2.  “Shape-controlled synthesis of copper nanocrystals in an aqueous solution with glucose as a reducing agent and hexadecylamine as a capping agent”,

This work describes a facile, water-based route to the synthesis of copper nanowires with pentagonal cross-sections and nanocubes with controllable sizes by using glucose and hexadecylamine (HDA) as reducing and capping agents, respectively. The success of this approach relies on the ability of glucose to reduce CuII to Cu0 in an aqueous medium, the capability of HDA to selectively bind to {100} rather than {111} facets, and the feasibility to manipulate the populations of single-crystal and multiply twinned seeds by varying the concentration of HDA. By blocking oxidative etching at a high concentration of HDA, multiply twinned seeds prevailed and then evolved into pentagonal wires with diameters as thin as 24 nm and lengths up to several millimeters.

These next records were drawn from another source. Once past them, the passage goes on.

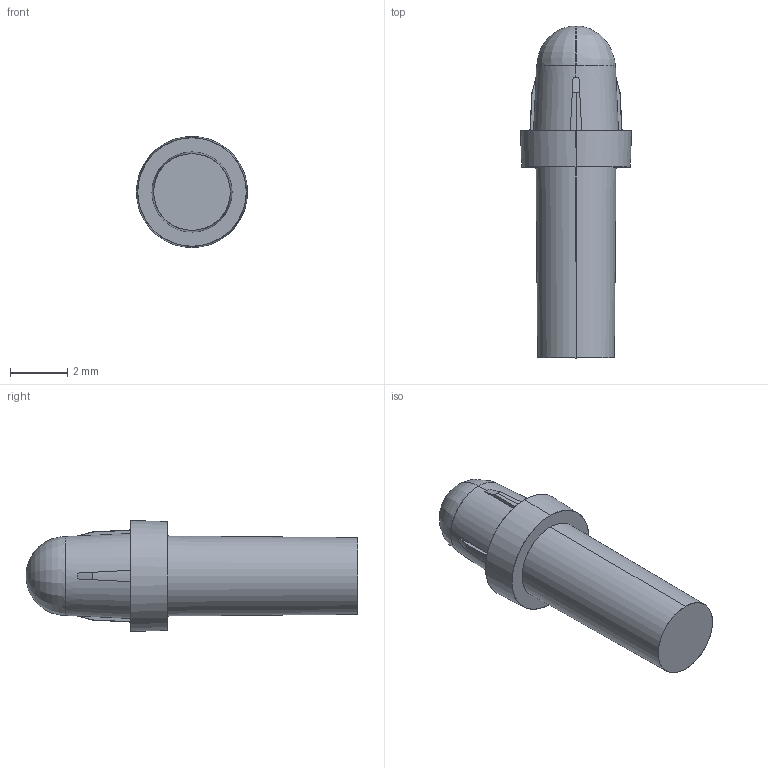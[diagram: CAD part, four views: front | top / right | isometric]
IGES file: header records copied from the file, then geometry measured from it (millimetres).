
Start section: SolidWorks IGES file using analytic representation for surfaces
Global section: file name: LFBR3D0313C.IGS; native system: SolidWorks 2021; preprocessor: SolidWorks 2021; author: asanchez; date: 240311.082324; units: inch
Bounding box: 3.89 x 11.62 x 3.89 mm (x, y, z)
Surface area: 122.5 mm2 (no closed solid volume)
Topology: 0 solids, 0 shells, 29 faces, 280 edges, 278 vertices
Faces by surface type: revolution 18, bspline 11

When oxidative etching was allowed at a relatively low concentration of HDA, single-crystal seeds were formed, followed by their growth into nanocubes. This work validates many of the mechanisms we proposed for other metals such as silver, gold, palladium, and platinum. Compared to these metals, copper stands out for its extremely low price and yet has the favorable properties sought by many industrial applications in electronics and catalysis.

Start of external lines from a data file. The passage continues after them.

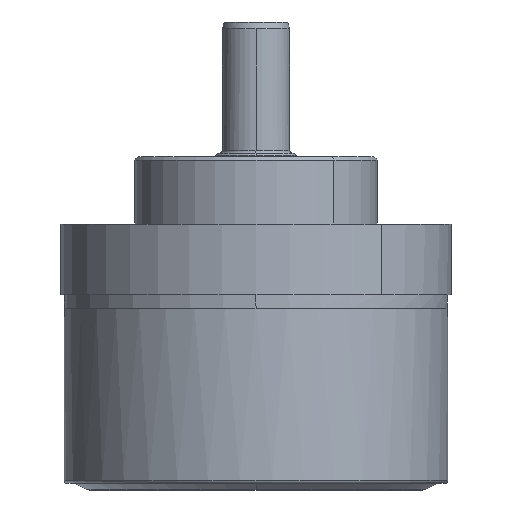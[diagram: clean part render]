
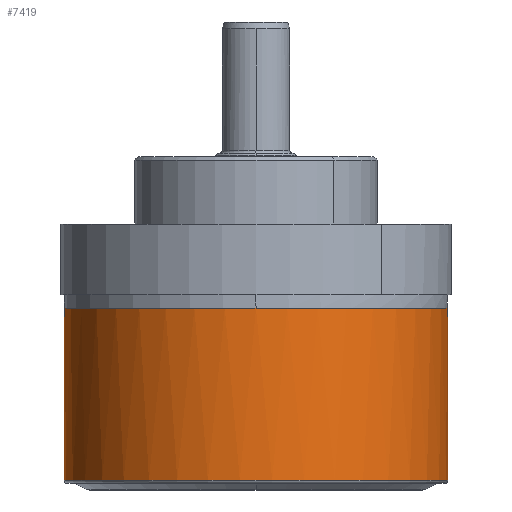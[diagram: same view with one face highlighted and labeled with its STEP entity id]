
A CAD part, front view. The second image highlights one B-rep face of the part: STEP entity #7419.
In plain terms, the highlighted cylindrical face has radius 28.5 mm (diameter 57 mm), a partial arc.
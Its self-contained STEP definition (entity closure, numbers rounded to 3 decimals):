
#535=CARTESIAN_POINT('',(0.,0.,-17.542));
#536=DIRECTION('',(0.,0.,1.));
#537=DIRECTION('',(-0.637,0.771,0.));
#538=AXIS2_PLACEMENT_3D('',#535,#536,#537);
#540=DIRECTION('',(0.,0.,1.));
#541=VECTOR('',#540,25.537);
#542=CARTESIAN_POINT('',(-18.147,21.976,-17.542));
#543=LINE('',#542,#541);
#544=CARTESIAN_POINT('',(0.,0.,7.996));
#545=DIRECTION('',(0.,0.,1.));
#546=DIRECTION('',(-0.637,0.771,0.));
#547=AXIS2_PLACEMENT_3D('',#544,#545,#546);
#549=CARTESIAN_POINT('',(0.,0.,7.996));
#550=DIRECTION('',(0.,0.,1.));
#551=DIRECTION('',(0.,-1.,0.));
#552=AXIS2_PLACEMENT_3D('',#549,#550,#551);
#554=DIRECTION('',(0.,0.,-1.));
#555=VECTOR('',#554,25.537);
#556=CARTESIAN_POINT('',(18.147,21.976,7.996));
#557=LINE('',#556,#555);
#569=CARTESIAN_POINT('',(-18.147,21.976,-17.542));
#571=CARTESIAN_POINT('',(-18.147,21.976,7.996));
#586=CARTESIAN_POINT('',(18.147,21.976,-17.542));
#599=CARTESIAN_POINT('',(18.147,21.976,7.996));
#6112=VERTEX_POINT('',#571);
#6114=VERTEX_POINT('',#599);
#6118=CARTESIAN_POINT('',(0.,-28.5,7.996));
#6119=VERTEX_POINT('',#6118);
#6128=VERTEX_POINT('',#569);
#6141=VERTEX_POINT('',#586);
#7405=CARTESIAN_POINT('',(0.,0.,10.));
#7406=DIRECTION('',(0.,0.,1.));
#7407=DIRECTION('',(1.,0.,0.));
#7408=AXIS2_PLACEMENT_3D('',#7405,#7406,#7407);
#7409=CYLINDRICAL_SURFACE('',#7408,28.5);
#7410=ORIENTED_EDGE('',*,*,#7398,.F.);
#7412=ORIENTED_EDGE('',*,*,#7411,.T.);
#7413=ORIENTED_EDGE('',*,*,#6812,.T.);
#7414=ORIENTED_EDGE('',*,*,#6880,.T.);
#7416=ORIENTED_EDGE('',*,*,#7415,.T.);
#7417=EDGE_LOOP('',(#7410,#7412,#7413,#7414,#7416));
#7418=FACE_OUTER_BOUND('',#7417,.F.);
#539=CIRCLE('',#538,28.5);
#548=CIRCLE('',#547,28.5);
#553=CIRCLE('',#552,28.5);
#6812=EDGE_CURVE('',#6112,#6119,#548,.T.);
#6880=EDGE_CURVE('',#6119,#6114,#553,.T.);
#7398=EDGE_CURVE('',#6128,#6141,#539,.T.);
#7411=EDGE_CURVE('',#6128,#6112,#543,.T.);
#7415=EDGE_CURVE('',#6114,#6141,#557,.T.);
#7419=ADVANCED_FACE('',(#7418),#7409,.T.);

3.  “Generation of hot spots with silver nanocubes for single-molecule detection by surface-enhanced Raman scattering”,

This study describes new approach for single-molecule detection by taking advantage of the surface-enhanced Raman scattering (SERS) made possible by simply depositing a silver nanocube on a metal substrate.  Experimental and theoretical results show that detecting an analyte at the single-molecule level is made possible by the presence of “hot spots” at the corners of a silver nanocube in contact with the substrate. By varying the electrical properties of the substrate, and the distance between the nanoparticle and the substrate, we show that the substrate can dramatically affect the SERS by interacting with a supported nanoparticle. In addition, by comparing the SERS for nanocubes and nanospheres of similar sizes, we show that this effect is also sensitive to the shape of the supported nanoparticle.

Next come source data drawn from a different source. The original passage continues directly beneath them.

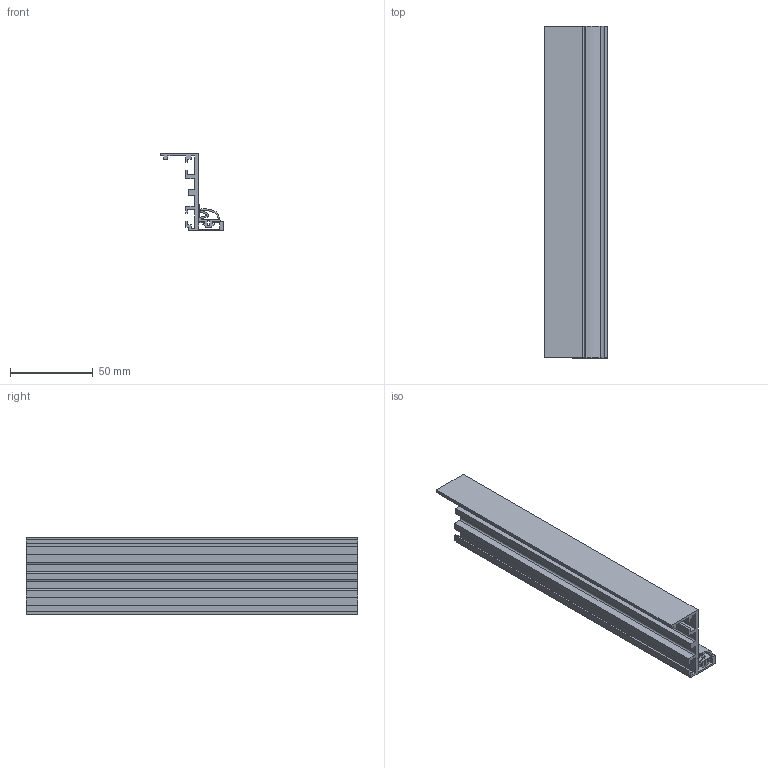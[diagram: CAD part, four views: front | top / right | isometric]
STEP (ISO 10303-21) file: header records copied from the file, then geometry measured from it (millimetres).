
FILE_DESCRIPTION (( 'STEP AP203' ), '1' );
FILE_NAME ('GS-AL_ZZ-6000-N-E.STEP', '2019-04-10T11:47:33', ( '' ), ( '' ), 'SwSTEP 2.0', 'SolidWorks 2018', '' );
FILE_SCHEMA (( 'CONFIG_CONTROL_DESIGN' ));
Length unit declared in the file: millimetre
Products named in the file (3): GS-AL_ZZ-6000-N-E.P2; GS-AL_ZZ-6000-N-E.P1; GS-AL_ZZ-6000-N-E
Assembly tree (2 placements, depth 2):
  GS-AL_ZZ-6000-N-E
    GS-AL_ZZ-6000-N-E.P1
    GS-AL_ZZ-6000-N-E.P2
Bounding box: 38 x 200 x 47 mm (x, y, z)
Volume: 61992.2 mm3; surface area: 75654.4 mm2
Topology: 2 solids, 2 shells, 111 faces, 321 edges, 214 vertices
Faces by surface type: plane 75, cylinder 36
Entity records: 3960 total; most frequent: CARTESIAN_POINT 651, ORIENTED_EDGE 642, DIRECTION 625, EDGE_CURVE 321, VECTOR 249, LINE 249, VERTEX_POINT 214, AXIS2_PLACEMENT_3D 188

4.  “Controlling the morphology of rhodium nanocrystals by manipulating the growth kinetics with a syringe pump”,

This paper describes a very simple and versatile method for controlling the morphology of nanocrystals with concave structures and unusual facets on the surface by manipulating the reaction kinetics. The key to the success was to control the rate at which the precursor is added into a growth solution to selectively enhance overgrowth of cubic seeds from corners and edges along <111> and <110> directions, respectively, in the presence of bromide ions as a capping agent for the {100} facets. By simply using a syringe pump, the precursor could be injected into a reaction solution at controlled rates to deterministically obtain concave nanocubes and octopods. This approach can be applied to all different noble metals and other materials.

5.  “On-chip screening of experimental conditions for the synthesis of noble-metal nanostructures with different morphologies”,

In the proof-of-concept experiments, we quickly identified the parameters needed for the production of gold and palladium nanostructures with various interesting morphologies. The key component of this approach is an array of reactors containing solutions with a one- or two-dimensional gradient in reagent concentration, pH value, or reaction temperature. In principle, this approach can be extended to other systems for rapid screening and optimization of experimental conditions involved in the syntheses of different types of nanostructures. It also enables one to discover novel morphologies that tend to form under extreme conditions often missed by conventional batch-based syntheses as they typically operate on the basis of a few discrete data points only.